Inspired by Scott Alexander’s monthly links (always an interesting mix of random topics), I decided to curate the interesting blogs and links I find as well into a monthly post. The cited resources might be old, just that I discovered them during this month.
This Jan, it is a mix of technical topics, both related to LLMs (my daily work) and unrelated as well as some non-tech related links.
DRoPE: Extending the Context of Pretrained LLMs by Dropping their Positional Embeddings
https://pub.sakana.ai/DroPE/
Position Embeddings encode relative token positions since attention is position independant. Most popular PE is RoPE embedding. NoPE transformers try to remove Position Embedding completely, but perform worse than RoPE transformers.
The blog shows that PE/RoPE is actually important by showing higher gradient norm for RoPE over NoPE transformers. Low gradient norms result in more uniform token embeddings and therefore more uniform attention maps. RoPE is therefore needed to break “attention uniformity”.
PE is needed for better performance, but breaks during long context. For this, the blog introduces yet another new technique, called DRoPE (Dropping Positional Embeddings). The DRoPE approach drops positional embeddings and runs a few training loops without it (14k tokens with PE and 2k tokens without). They show that the final model matches the fully trained model performance, but that isn’t enough.
The magic is when they show performance on long context tasks, for ex. needle-in-a-haystack task (NIAH) and show the DRoPE outperforms RoPE transformers (even those with scaling) significantly.
(Aside: I don’t know much about RoPE scaling techniques mentioned in the paper (PI, NTK-aware scheduling, YARN), so that will be a topic for a later post).
Negative Temperature in LLMs
https://cavendishlabs.org/blog/negative-temperature/
When applying softmax over the probabilities, we know that setting temperature to 0 will give us the same output deterministically. Higher temperatures smooth out the probability distributions making it more likely to pick random words. A temperature of infinity will result in a completely random output
With negative temperature, the model will sample the token that is least likely to occur next. So we get a deterministic garbage output of the lowest probability tokens. Interestingly he points that those tokens are so low probability that the model will not output them even if you ask them to!
Tinfoil - Privacy preserving inference and training
Apparently TEEs are still a thing: https://tinfoil.sh/technology
Starting from H100s, NVIDIA has introduced Confidential Computing, which includes the CPU and GPU in the trust boundary. CPU secure environment is a done thing, but including GPU in the trust boundary is the hard problem (especially since PCIe is not trusted). Obviously NVIDIA has made a lot of hardware changes to support this.
Tinfoil uses this to make inference and training privacy preserving. It seems they host inference models on the cloud and wrap with TEEs.
As interesting as it sounds, I don’t understand this completely. There is a paper that explains the internals of GPU Confidential Computing in more detail, which I might read if I have time.
Ascii rendering
Link: https://alexharri.com/blog/ascii-rendering
Amazing post on rendering an image in ASCII. Makes me feel like developing a rogue like game again.
Starting from simple black-white to averaging neighbors to defining and using the shape of characters to introducing contrast, the post has everything.
Will definitely implement atleast the first 50% of the article in Rust in the next month, perhaps implementing some of the changes proposed in the corresponding HN post!
The Deep Sea
Link: https://neal.fun/deep-sea/
An amazing visual representation of the deep sea, showing which creatures and what is found at different depths.
Some interesting titbits:
- The emperor penguin dives to a depth of 345 meters, deeper than several fish and the great white shark etc.
- Creepy alert! The Japanese Spider Crab (at a depth of 650 meters) is the largest known crab with a maximum leg span of 3.8m.
- Coelacanths were thought to be extinct until found alive in 1938!
- Midnight zone is where sunlight doesn’t even reach.
- Elephant seal dives upto 2400 meters.
- The Titanic wreckage is at a depth of 3800 meters.
- 10000 meters is the deepest anyone has ever gone, with the Challenger mission.

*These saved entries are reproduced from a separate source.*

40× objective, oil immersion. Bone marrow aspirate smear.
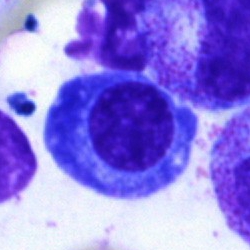

The cell shown is a plasmacyte.
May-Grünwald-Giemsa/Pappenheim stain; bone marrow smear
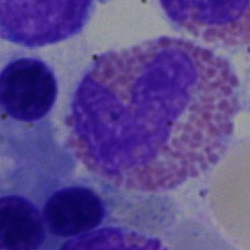Single cell identified as an eosinophilic granulocyte.
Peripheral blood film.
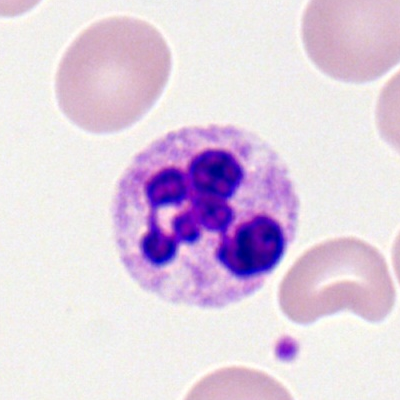Neutrophil (segmented).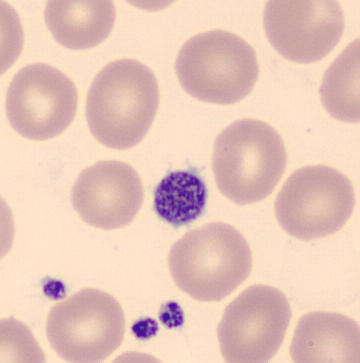

Peripheral blood smear.
{"cell_type": "platelet"}
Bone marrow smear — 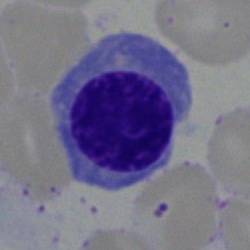 Classification: nucleated red blood cell.
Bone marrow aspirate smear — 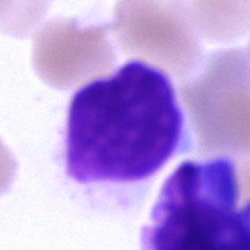 Q: What is shown here?
A: Artefact.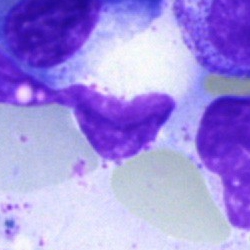

Bone marrow smear showing an artefact.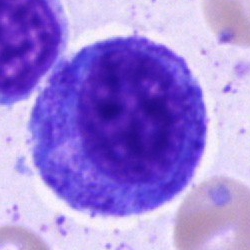

Q: Identify the cell.
A: This is a progranulocyte.
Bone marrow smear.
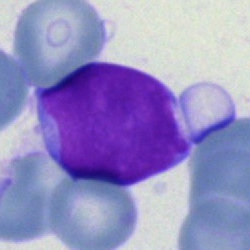
Q: What cell is this?
A: A typical lymphocyte.
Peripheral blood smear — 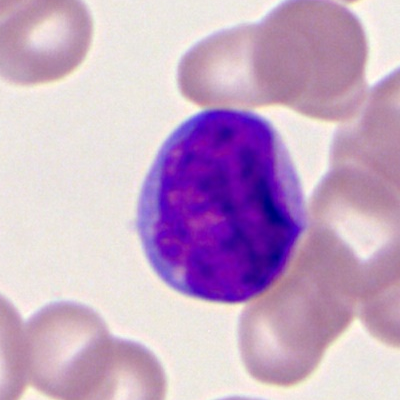

A myeloid blast.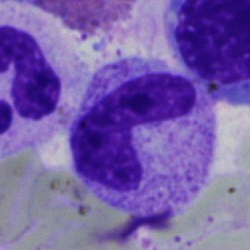{"cell_type": "stab cell", "lineage": "myeloid"}
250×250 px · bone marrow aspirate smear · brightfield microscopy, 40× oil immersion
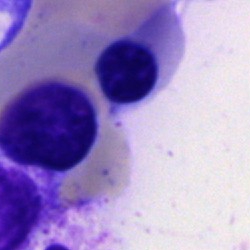 Specimen: bone marrow smear.
Classification: nucleated red blood cell.
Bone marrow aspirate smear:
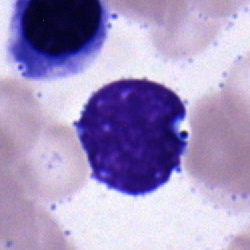 This is a typical lymphocyte.
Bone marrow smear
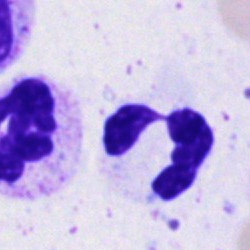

On Anger - Some food for thought
Saw a message in this open thread on understanding anger which resonated with me.
Contents below are copied verbatim:
”””
When is a response in anger ever justified?
My life experience and all the advice at least I’ve ever received is never. But then what the hell is the point of this emotion? Just as a signal that boundaries have been crossed? Feels like a useless emotion.
“””
”””
Anger was useful in evolutionary settings as a threat display. It signals boundary-crossing and probably was very useful for negotiating boundaries without resorting to actual violence.
Well it may feel useless but it is a fact, so the only thing one can do is channel it and manage it.
“””
Do we get angry when we’re scared? I think I do sometimes. Anger does cloud your judgement, make you do things you would not do if you had more self-control.
Anger does always need to be controlled, don’t we always regret the things done in anger?